* _DATA EXCERPTS_:
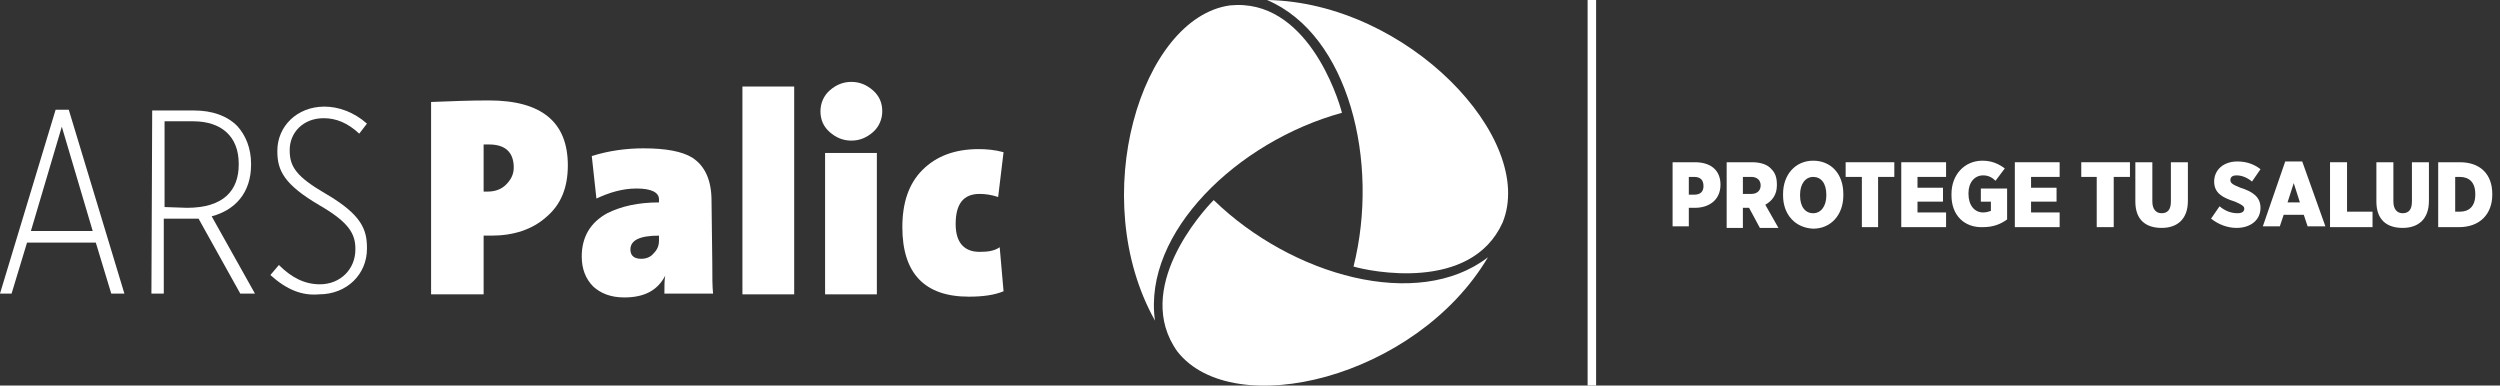 <?xml version="1.0" encoding="utf-8"?>
<!-- Generator: Adobe Illustrator 21.0.2, SVG Export Plug-In . SVG Version: 6.00 Build 0)  -->
<svg version="1.1" id="Layer_1" xmlns="http://www.w3.org/2000/svg" xmlns:xlink="http://www.w3.org/1999/xlink" x="0px" y="0px"
	 viewBox="0 0 323.6 49.9" style="enable-background:new 0 0 323.6 49.9;" xml:space="preserve">
<rect x="0" y="0" width="323.6" height="49.9" fill="#333333" stroke="none"/>
<style type="text/css">
	.st0{fill:#FFFFFF;}
</style>
<g>
	<g>
		<path class="st0" d="M216.4,21h3c2,0,3.3,1,3.3,2.9v0c0,2-1.5,3-3.3,3h-0.8v2.4h-2.1V21z M219.3,25.2c0.8,0,1.2-0.4,1.2-1.1v0
			c0-0.8-0.4-1.2-1.2-1.2h-0.7v2.3L219.3,25.2L219.3,25.2z"/>
		<path class="st0" d="M223.5,21h3.3c1.1,0,2,0.3,2.5,0.9c0.5,0.5,0.7,1.1,0.7,2v0.1c0,1.2-0.6,2-1.5,2.5l1.7,3h-2.4l-1.4-2.6h-0.8
			v2.6h-2.1L223.5,21L223.5,21z M226.7,25.1c0.7,0,1.2-0.4,1.2-1.1v0c0-0.7-0.5-1.1-1.2-1.1h-1.1v2.2H226.7z"/>
		<path class="st0" d="M230.8,25.3v-0.2c0-2.5,1.6-4.3,3.9-4.3c2.3,0,3.9,1.7,3.9,4.3v0.2c0,2.5-1.6,4.3-3.9,4.3
			C232.4,29.5,230.8,27.8,230.8,25.3 M236.4,25.3v-0.1c0-1.5-0.7-2.3-1.7-2.3c-1,0-1.7,0.9-1.7,2.3v0.1c0,1.5,0.7,2.3,1.7,2.3
			C235.7,27.6,236.4,26.7,236.4,25.3"/>
		<polygon class="st0" points="241,22.9 238.9,22.9 238.9,21 245.2,21 245.2,22.9 243.1,22.9 243.1,29.4 241,29.4 		"/>
		<polygon class="st0" points="246.1,21 251.9,21 251.9,22.9 248.2,22.9 248.2,24.3 251.5,24.3 251.5,26.1 248.2,26.1 248.2,27.5 
			251.9,27.5 251.9,29.4 246.1,29.4 		"/>
		<path class="st0" d="M252.6,25.3v-0.2c0-2.5,1.7-4.3,4-4.3c1.2,0,2.1,0.4,2.9,1l-1.2,1.6c-0.4-0.4-0.9-0.7-1.6-0.7
			c-1.1,0-1.9,0.9-1.9,2.3v0.1c0,1.5,0.8,2.4,1.9,2.4c0.4,0,0.7-0.1,1-0.2v-1.2h-1.3v-1.7h3.4v4c-0.8,0.6-1.8,1-3.1,1
			C254.3,29.5,252.6,27.9,252.6,25.3"/>
		<polygon class="st0" points="260.8,21 266.6,21 266.6,22.9 262.9,22.9 262.9,24.3 266.2,24.3 266.2,26.1 262.9,26.1 262.9,27.5 
			266.6,27.5 266.6,29.4 260.8,29.4 		"/>
		<polygon class="st0" points="271.4,22.9 269.4,22.9 269.4,21 275.7,21 275.7,22.9 273.6,22.9 273.6,29.4 271.4,29.4 		"/>
		<path class="st0" d="M276.4,26.1V21h2.2v5.1c0,1,0.5,1.5,1.2,1.5c0.8,0,1.2-0.5,1.2-1.5V21h2.2v5c0,2.4-1.4,3.5-3.4,3.5
			S276.4,28.5,276.4,26.1"/>
		<path class="st0" d="M286.2,28.3l1.1-1.6c0.7,0.6,1.5,0.9,2.3,0.9c0.6,0,0.9-0.2,0.9-0.6v0c0-0.3-0.3-0.5-1.2-0.9
			c-1.6-0.5-2.7-1.1-2.7-2.6v0c0-1.5,1.2-2.6,3-2.6c1.1,0,2.1,0.3,3,1l-1.1,1.6c-0.6-0.5-1.3-0.8-2-0.8c-0.5,0-0.8,0.2-0.8,0.6v0
			c0,0.4,0.3,0.6,1.3,1c1.6,0.5,2.6,1.2,2.6,2.6v0c0,1.6-1.3,2.6-3.1,2.6C288.4,29.5,287.2,29.1,286.2,28.3"/>
		<path class="st0" d="M295.8,20.9h2.2l3,8.4h-2.3l-0.5-1.5h-2.6l-0.5,1.5h-2.2L295.8,20.9z M297.7,26.2l-0.8-2.5l-0.8,2.5H297.7z"
			/>
		<polygon class="st0" points="301.6,21 303.8,21 303.8,27.4 307.1,27.4 307.1,29.4 301.6,29.4 		"/>
		<path class="st0" d="M307.6,26.1V21h2.2v5.1c0,1,0.5,1.5,1.2,1.5c0.8,0,1.2-0.5,1.2-1.5V21h2.2v5c0,2.4-1.4,3.5-3.4,3.5
			C309,29.5,307.6,28.5,307.6,26.1"/>
		<path class="st0" d="M315.6,21h2.8c2.7,0,4.2,1.6,4.2,4.1v0.1c0,2.5-1.6,4.2-4.3,4.2h-2.7L315.6,21L315.6,21z M317.8,22.9v4.5h0.6
			c1.2,0,2-0.7,2-2.2v-0.1c0-1.5-0.8-2.2-2-2.2C318.4,22.9,317.8,22.9,317.8,22.9z"/>
		<path class="st0" d="M173.7,14.6c-0.5-2-4.6-14.9-14.5-13.9c-11.5,1.6-18.6,24.9-9.7,40.8C147.9,30.1,160.2,18.3,173.7,14.6"/>
		<path class="st0" d="M175.2,34.5c2,0.6,15.2,3.4,19.3-5.7c4.4-10.8-12.3-28.5-30.5-28.8C174.6,4.5,178.6,21,175.2,34.5"/>
		<path class="st0" d="M157.1,25.9c-1.5,1.5-10.5,11.5-4.7,19.6c7.2,9.2,30.9,3.5,40.2-12.2C183.5,40.3,167.2,35.7,157.1,25.9"/>
		<path class="st0" d="M126.8,32.6c-2,0-3.1-1.2-3.1-3.6c0-2.6,1-3.9,3.1-3.9c0.7,0,1.5,0.1,2.4,0.4l0.7-5.8
			c-1.1-0.3-2.2-0.4-3.2-0.4c-3.1,0-5.5,0.9-7.3,2.7c-1.8,1.8-2.6,4.3-2.6,7.4c0,6,2.9,9,8.6,9c1.8,0,3.3-0.2,4.5-0.7l-0.5-5.7
			C128.7,32.5,127.8,32.6,126.8,32.6"/>
		<rect x="106.8" y="19.8" class="st0" width="6.7" height="18.3"/>
		<path class="st0" d="M110.2,10.6c-1.1,0-2,0.4-2.8,1.1c-0.8,0.7-1.2,1.7-1.2,2.7c0,1.1,0.4,2,1.2,2.7c0.8,0.7,1.7,1.1,2.8,1.1
			c1.1,0,2-0.4,2.8-1.1c0.8-0.7,1.2-1.7,1.2-2.7c0-1.1-0.4-2-1.2-2.7C112.2,11,111.3,10.6,110.2,10.6"/>
		<rect x="96.1" y="11.2" class="st0" width="6.7" height="26.9"/>
		<path class="st0" d="M92.1,26c0-2.6-0.8-4.5-2.5-5.6c-1.3-0.8-3.4-1.2-6.3-1.2c-2.2,0-4.5,0.3-6.7,1l0.6,5.5
			c1.7-0.8,3.4-1.3,5.2-1.3c1.9,0,2.9,0.5,2.9,1.4v0.4c-2.7,0-4.9,0.5-6.7,1.4c-2.2,1.2-3.3,3.1-3.3,5.6c0,1.6,0.5,2.9,1.5,3.9
			c1,0.9,2.3,1.4,4,1.4c2.6,0,4.3-0.9,5.3-2.8c-0.1,0.6-0.1,1.3-0.1,2.3h6.3c-0.1-0.9-0.1-2.2-0.1-3.9L92.1,26L92.1,26L92.1,26z
			 M85.3,31.1c0,0.7-0.2,1.2-0.7,1.7c-0.4,0.5-1,0.7-1.6,0.7c-0.9,0-1.4-0.4-1.4-1.2c0-1.2,1.2-1.8,3.7-1.8V31.1z"/>
		<path class="st0" d="M63.3,13c-2.5,0-5,0.1-7.5,0.2v24.9h6.8v-7.6h1c2.9,0,5.3-0.8,7.1-2.4c1.9-1.6,2.8-3.8,2.8-6.7
			C73.5,15.8,70.1,13,63.3,13 M65.5,23.9c-0.6,0.6-1.4,0.9-2.4,0.9c-0.2,0-0.3,0-0.5,0v-6.1c0.2,0,0.4,0,0.7,0c2.1,0,3.2,1,3.2,3
			C66.5,22.6,66.1,23.3,65.5,23.9"/>
		<path class="st0" d="M7.2,14.2h1.7L16.1,38h-1.7l-2-6.6H3.5l-2,6.6H0L7.2,14.2z M12,29.9L8,16.4L4,29.9H12z"/>
		<path class="st0" d="M19.7,14.3h5.4c2.4,0,4.3,0.7,5.6,2c1.1,1.2,1.8,2.9,1.8,4.9v0.1c0,3.7-2.1,5.9-5.1,6.7L33,38h-1.9l-5.4-9.7
			c-0.4,0-0.8,0-1.2,0h-3.3V38h-1.6L19.7,14.3L19.7,14.3z M24.2,26.9c4.8,0,6.7-2.3,6.7-5.6v-0.1c0-3.6-2.3-5.5-5.9-5.5h-3.7v11.1
			L24.2,26.9L24.2,26.9z"/>
		<path class="st0" d="M35,35.6l1.1-1.3c1.6,1.6,3.3,2.5,5.3,2.5c2.7,0,4.6-2,4.6-4.5v-0.1c0-1.9-0.8-3.4-4.6-5.6
			c-4.6-2.7-5.5-4.5-5.5-7v-0.1c0-3.1,2.5-5.7,6.1-5.7c1.8,0,3.8,0.7,5.5,2.2l-1,1.3c-1.5-1.4-3-2-4.6-2c-2.7,0-4.4,1.9-4.4,4.1v0.1
			c0,2.1,0.9,3.4,4.7,5.6c4.6,2.7,5.3,4.6,5.3,7v0.1c0,3.3-2.6,5.9-6.2,5.9C39.1,38.3,37.1,37.5,35,35.6"/>
		<rect x="205.5" class="st0" width="1.1" height="49.9"/>
	</g>
</g>
</svg>

* _WHAT TO PRODUCE_:
When a line of the records holds the word "height", copy that line.

* _RESULT FOR THIS EXERCISE_:
<rect x="0" y="0" width="323.6" height="49.9" fill="#333333" stroke="none"/>
		<rect x="106.8" y="19.8" class="st0" width="6.7" height="18.3"/>
		<rect x="96.1" y="11.2" class="st0" width="6.7" height="26.9"/>
		<rect x="205.5" class="st0" width="1.1" height="49.9"/>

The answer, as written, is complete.